Ama sürekli boşanma oranları artıyor. Bu nasıl oluyor, ikiyüzlülük mü?
İkiyüzlülük senarist için söylenebilir. Toplumsal olarak şöyle bir şey var: Bekâret, evlilik, aşk, sadakat, aile gibi şeylerin bu kadar öne çıkmasının sebebi, bunların aslında çökmüş olması ve tekrardan kurulmaya çalışılması. Bütün bunların ben Gramsci’den öğrendiğimiz kültürel hegemonya yüzünden olduğunu düşünüyorum. Buna rağmen, sosyoloji bilgimiz de gösteriyor ki, şehirleşen toplum heterojenleşir, liberalleşir ve parçalanır.
Sonu gelecek mi?
Zaten sonunun geldiğini gösteriyor. Bir parti yüzde 50 oy alıyorsa o partinin sonunun geldiğini gösterir. Çünkü muhafazakârlığa yüzde 50’nin destek verildiği varsayımı olabileceği gibi, aksine muhafazakârlık tabanını kaybettiğini de gösterir. İnsanlar şehirleştikçe farklı hayatlarla karşılaşıyorlar, zamanla homojen değerler de kendi içinde çözülüyor. Mesela benim yeğenim imam nikâhı da yaptı. “Ne olacak amca?” dedi. İşte o “ne olacak” lafı, aslında bunun hiç de sandığımız gibi koyu, sıkı ve tutucu bir muhafazakârlık olmadığını gösterir.
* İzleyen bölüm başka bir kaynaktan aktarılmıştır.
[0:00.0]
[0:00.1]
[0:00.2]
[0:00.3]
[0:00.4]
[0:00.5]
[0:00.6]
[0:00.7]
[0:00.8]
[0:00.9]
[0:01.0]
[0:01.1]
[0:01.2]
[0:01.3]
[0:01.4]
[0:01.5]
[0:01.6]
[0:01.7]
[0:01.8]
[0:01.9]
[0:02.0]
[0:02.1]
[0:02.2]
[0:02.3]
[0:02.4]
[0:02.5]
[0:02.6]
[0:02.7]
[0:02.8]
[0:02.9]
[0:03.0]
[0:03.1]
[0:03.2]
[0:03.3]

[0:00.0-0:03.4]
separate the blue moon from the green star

Ama İffet gibi bir şey de yapıyorlar.
İffet, çok problemli bir dizi. Kendisine tecavüz eden adamla evlenmek için çırpınan birinden bahsediyoruz. Fatmagül’de karşılaştığımız durum. Tecavüz etmese bile tecavüzü görmüş bir adamla evlenen kadın, sonunda öyle bir hale getiriliyor ki senaristler tarafından, “Fatmagülcüğüm bir izin ver, sana bir dokunsun, bak çocuk seni seviyor”a dönüyor. Kadınlar erkek ideolojisini benimsiyor. Birincisi bu, dizilerde mücadele etmemiz gereken ikinci şey de şiddet. Şiddetin çok komik olduğu gösteriliyor. Âlemin Kralı, Türk Malı gibi dizilerde birbirini döven karıkocalar var.
Mesela kadınların sevgilisiyle evlenmeden birlikte yaşadığı, tek başına çocuk yapabildiği bir dizi yapılsa izlenmez mi?
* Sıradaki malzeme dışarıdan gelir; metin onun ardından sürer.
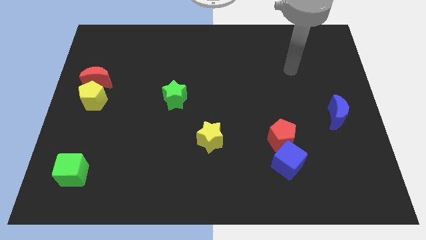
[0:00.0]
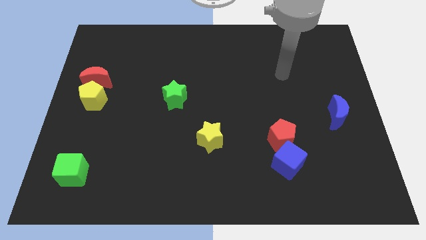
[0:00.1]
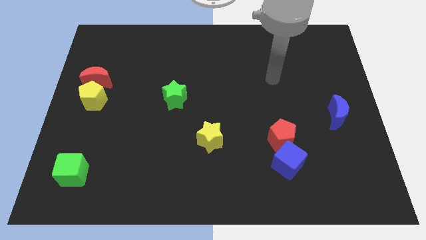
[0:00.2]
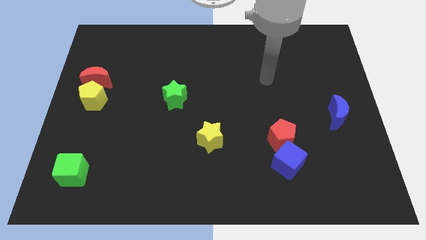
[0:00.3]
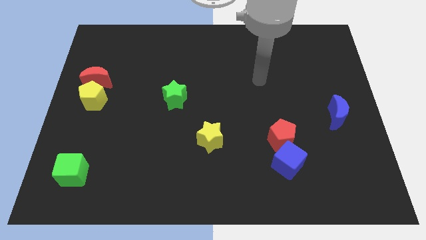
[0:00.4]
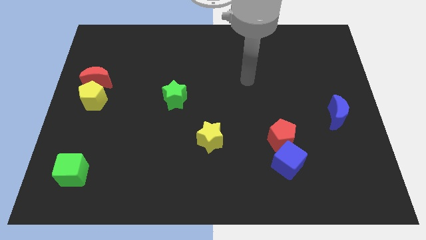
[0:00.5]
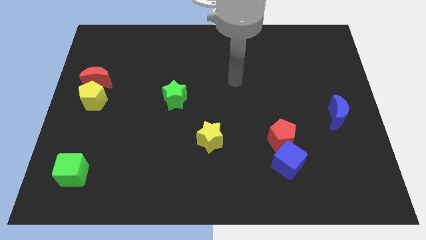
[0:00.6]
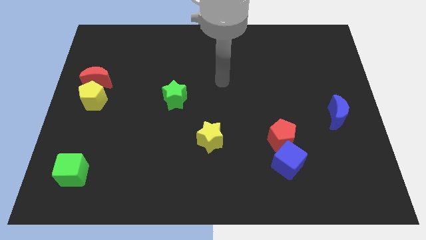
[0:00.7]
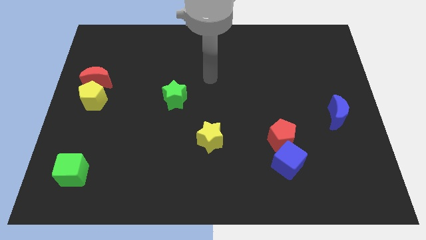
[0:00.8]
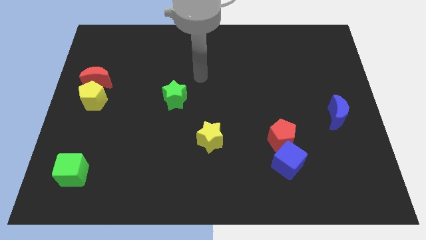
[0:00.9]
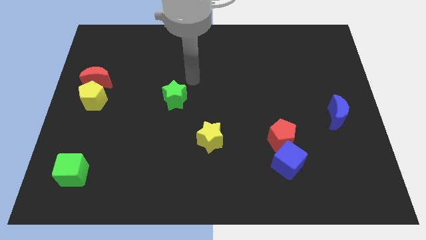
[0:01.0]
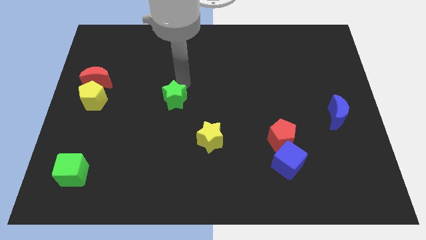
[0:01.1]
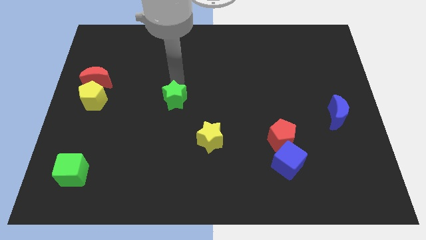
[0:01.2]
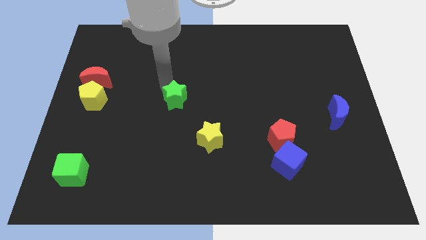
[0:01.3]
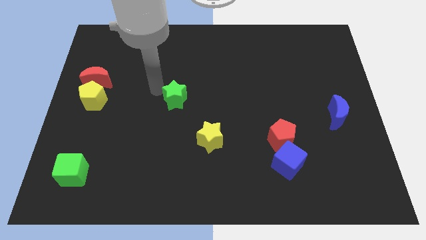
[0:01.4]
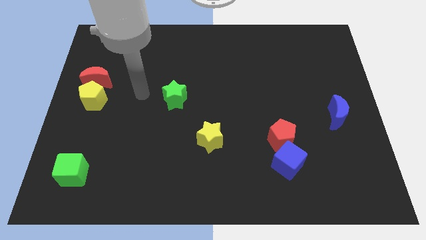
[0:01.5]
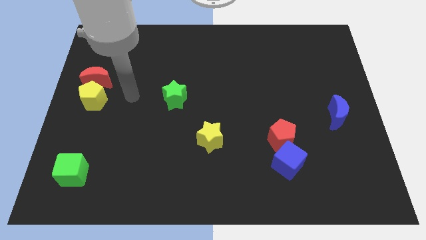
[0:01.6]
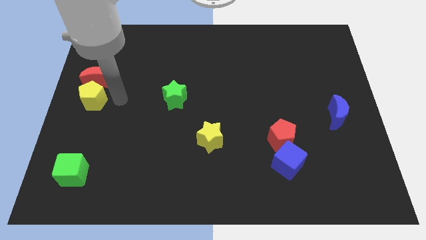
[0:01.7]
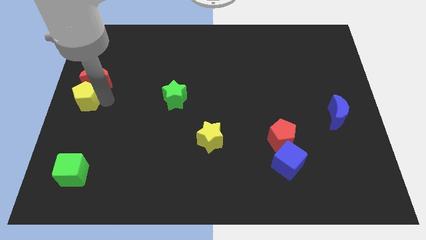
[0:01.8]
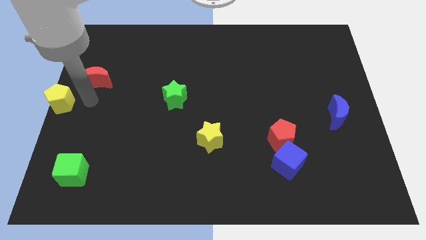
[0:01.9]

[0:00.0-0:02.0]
move the red moon away from the yellow pentagon

Behzat Ç. gibi bir ayrıkotu olur.
Türbanlı karakterin izlenmeyeceği varsayılıyor
Türbanlı başkarakter yok, nasıl muhafazakârlık bu?
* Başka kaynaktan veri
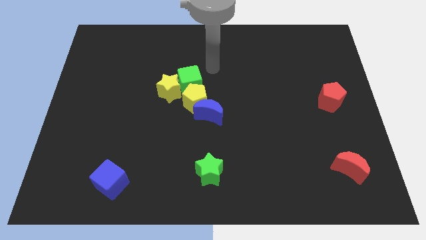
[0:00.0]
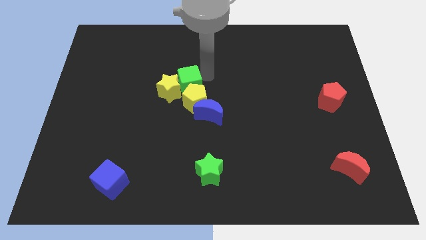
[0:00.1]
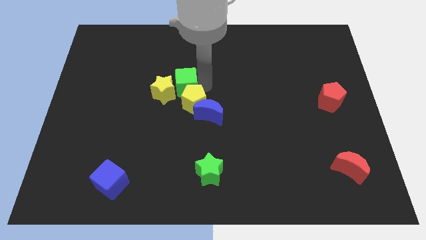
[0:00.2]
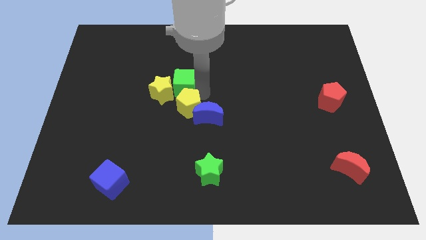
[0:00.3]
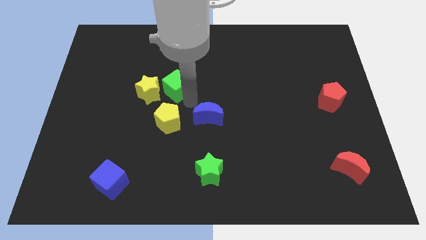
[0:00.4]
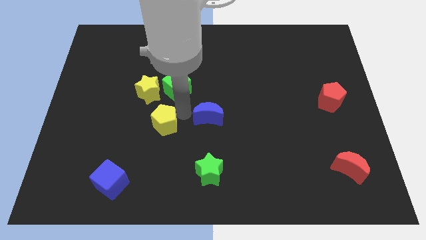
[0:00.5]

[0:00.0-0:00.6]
separate the blue moon from the yellow pentagon
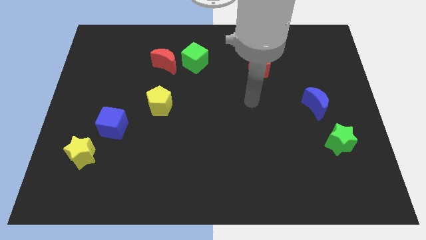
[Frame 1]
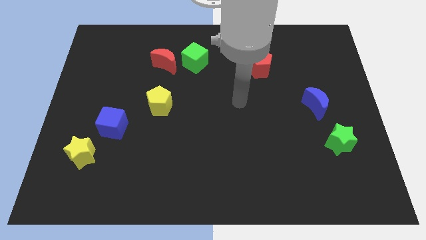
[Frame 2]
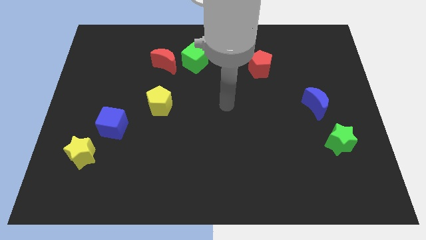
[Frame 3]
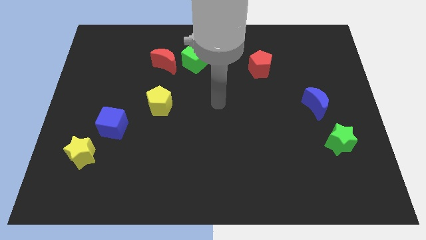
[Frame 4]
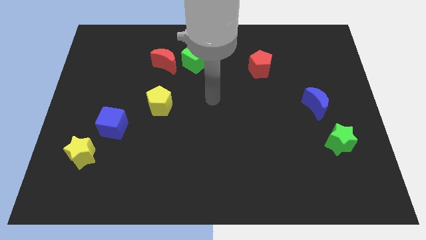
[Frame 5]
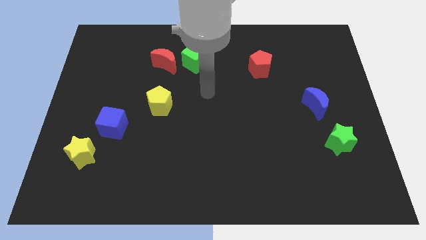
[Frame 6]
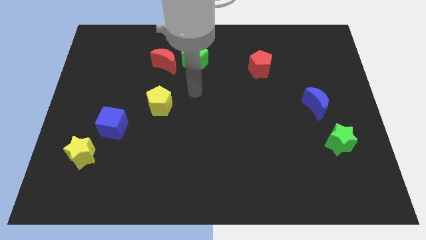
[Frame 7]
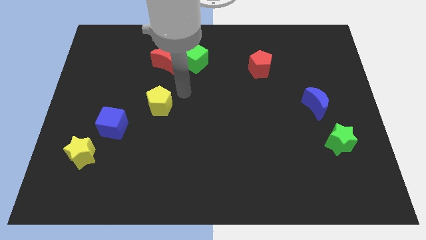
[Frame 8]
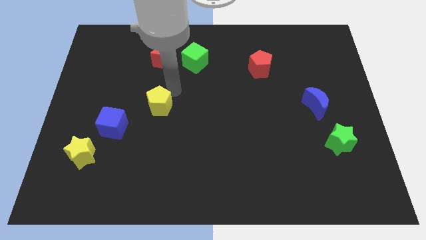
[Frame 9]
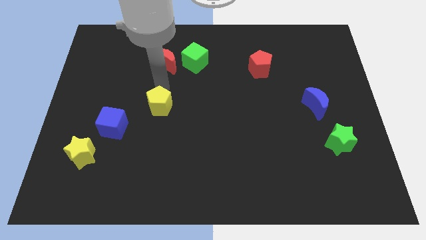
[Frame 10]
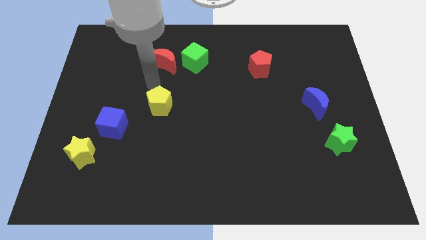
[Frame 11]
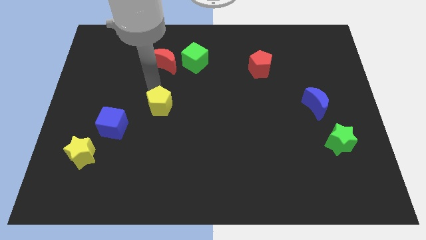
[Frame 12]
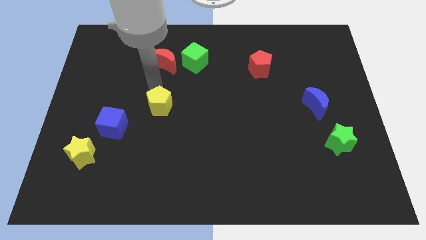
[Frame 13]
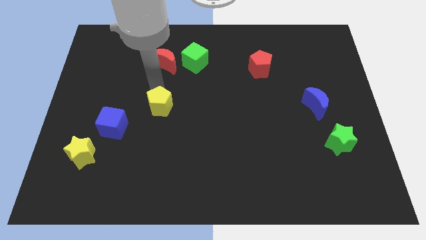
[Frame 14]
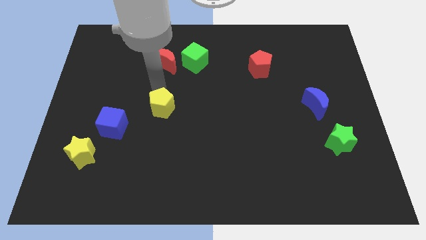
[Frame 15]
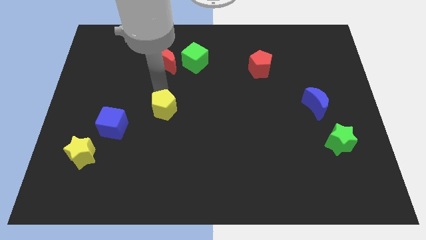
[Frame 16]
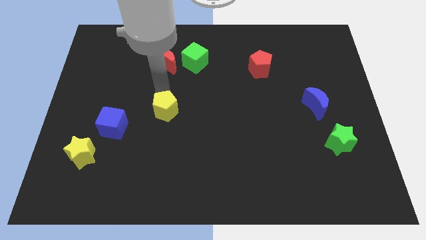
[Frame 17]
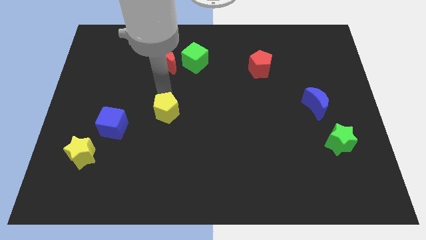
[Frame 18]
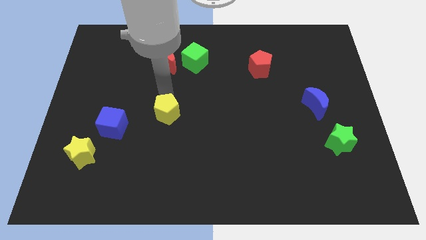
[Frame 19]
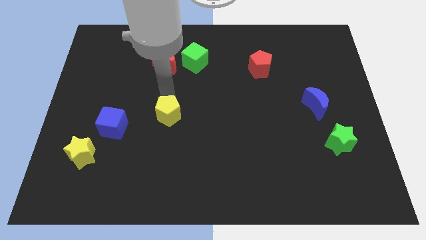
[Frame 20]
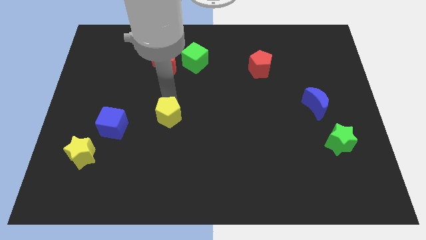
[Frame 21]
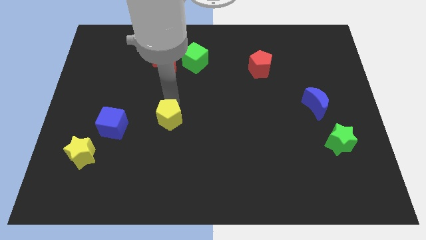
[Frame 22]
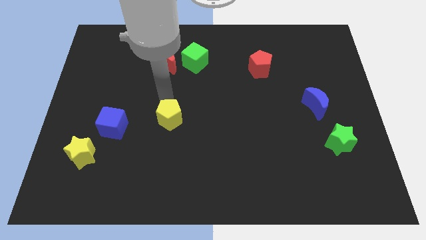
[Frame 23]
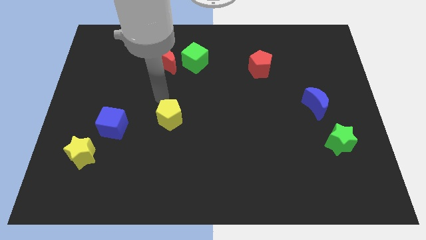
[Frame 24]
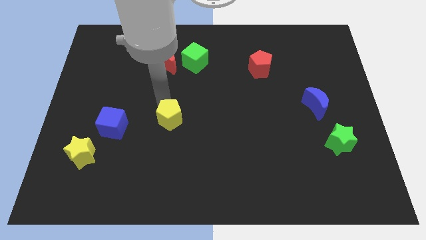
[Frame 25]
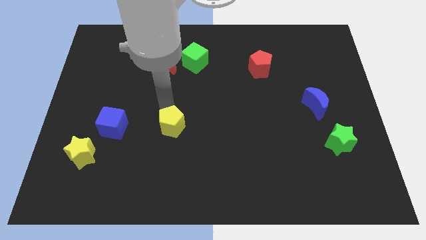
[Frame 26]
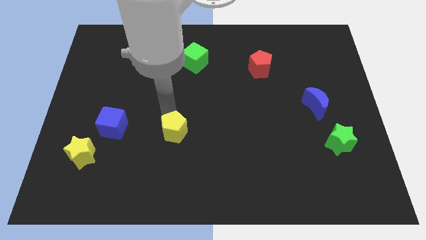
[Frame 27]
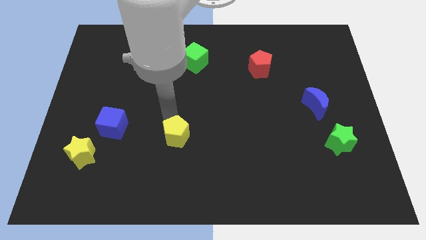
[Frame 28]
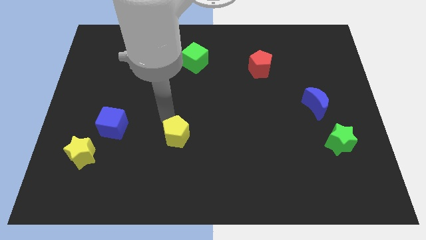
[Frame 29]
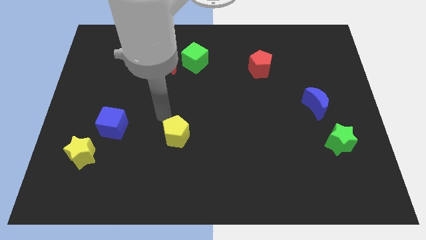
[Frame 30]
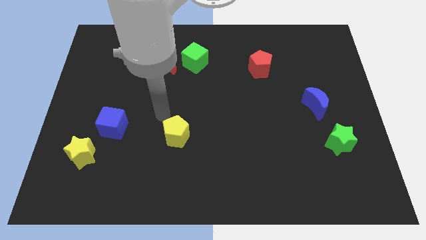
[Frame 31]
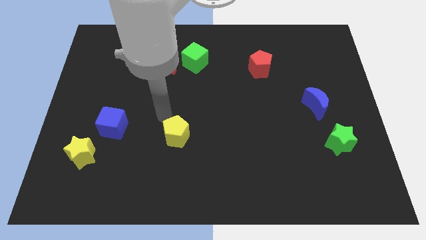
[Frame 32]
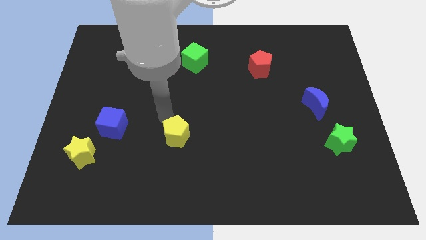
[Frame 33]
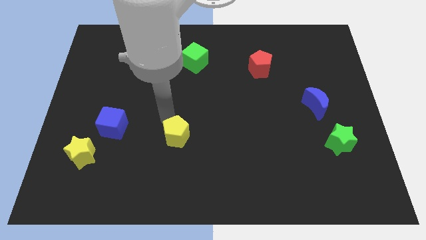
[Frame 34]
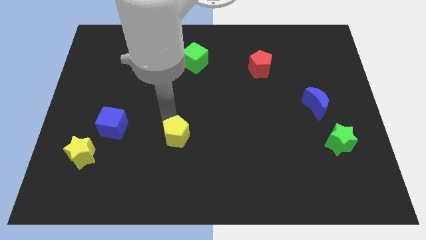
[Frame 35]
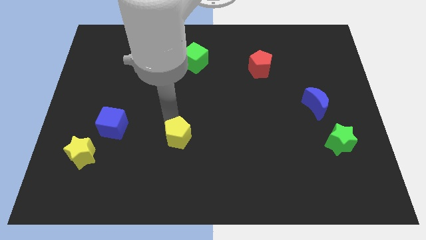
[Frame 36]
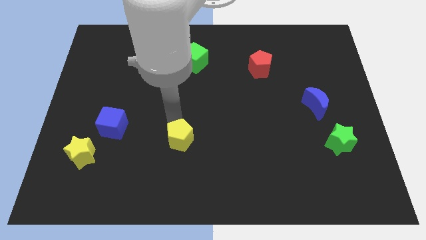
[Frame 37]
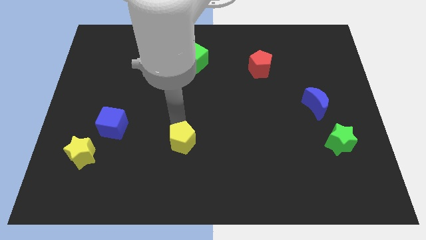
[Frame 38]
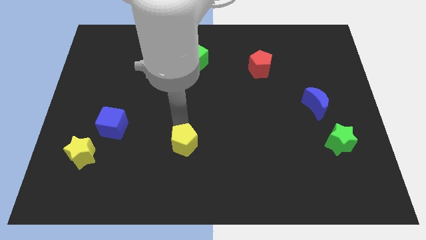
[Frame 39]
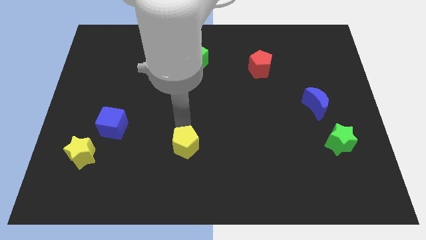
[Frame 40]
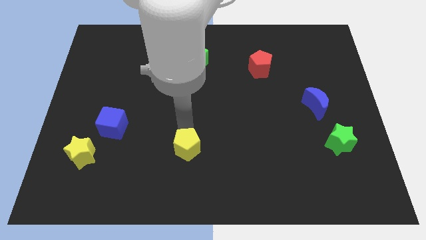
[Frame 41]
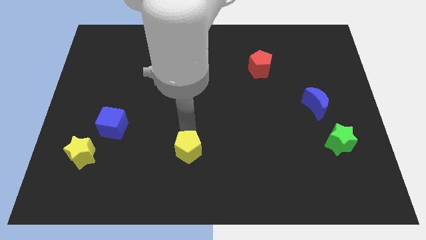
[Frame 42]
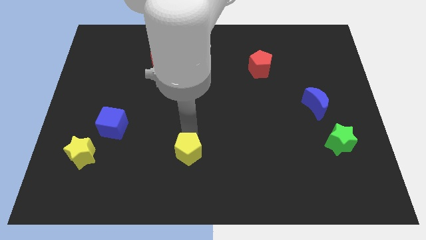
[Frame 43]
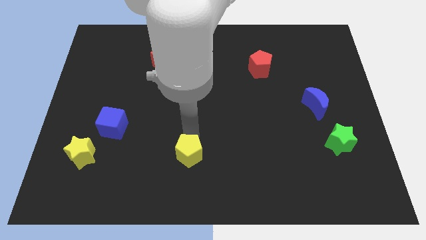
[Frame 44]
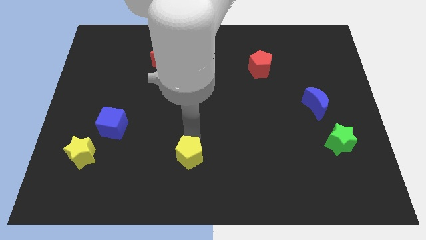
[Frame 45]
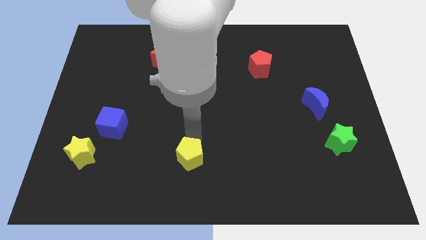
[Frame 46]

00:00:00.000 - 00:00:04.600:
put the yellow pentagon to the bottom side

Azınlıkların hiçbiri yok. Ya da var ama Kurtlar Vadisi’nde ve Tek Türkiye’deki gibi kötü olarak. İki, üç mevzu var gözükmeyen: Aleviler, bir çıktılar hemen yok edildi ‘Kasaba’ dizisi. Kürtler ya Kurtlar Vadisi’ndeki gibi politik olarak kötü ya da ağa dizilerindeki gibi kötü. Ermeniler, Yahudiler kötü olarak var. Lazlar var ama geçiştiriliyor, komik karakter olarak! Türbanlılar yok. İzlenmeyeceği varsayılıyor ya da diziyi sivrileştireceği düşünülüyor. Ama türbanlıdan daha muhafazakâr kadınlar var. İffet’in başrol oyuncusunun saç kesiminin bile başlı başına türbana benzediğini düşünüyorum.
Diziler ideolojik makine gibi...
Aileye, bekârete, iyi kız olmaya, bu kadar övgü düzülüyor ama dışarıda öyle bir hayat yok. Bir sürü evlilik kötü, bir sürü kadın istediği için sevgilisiyle oluyor, kürtaj oluyor.
Kürtaj, “Hayır, aldırmam” olarak gösteriliyor. Ama istatistiki olarak kürtaj azalmıyor. Aslında parçalanmakta ve çözülmekte olan bir muhafazakârlığı korumak için bu çabalar. İdeolojik makine gibi çalışıyorlar ama işe yaramıyor. Gördüğümüz şey, çökmekte olan bir şeyi kurtarma çabaları. Ama korkunun ecele faydası yok. Çünkü korkulan olmuş durumda. Boşanma oranları artmış, hayat ortada, el ele dolaşanlar, öpüşenler ortada, sen bunu televizyondan yok etsen ne olur, etmesen ne olur?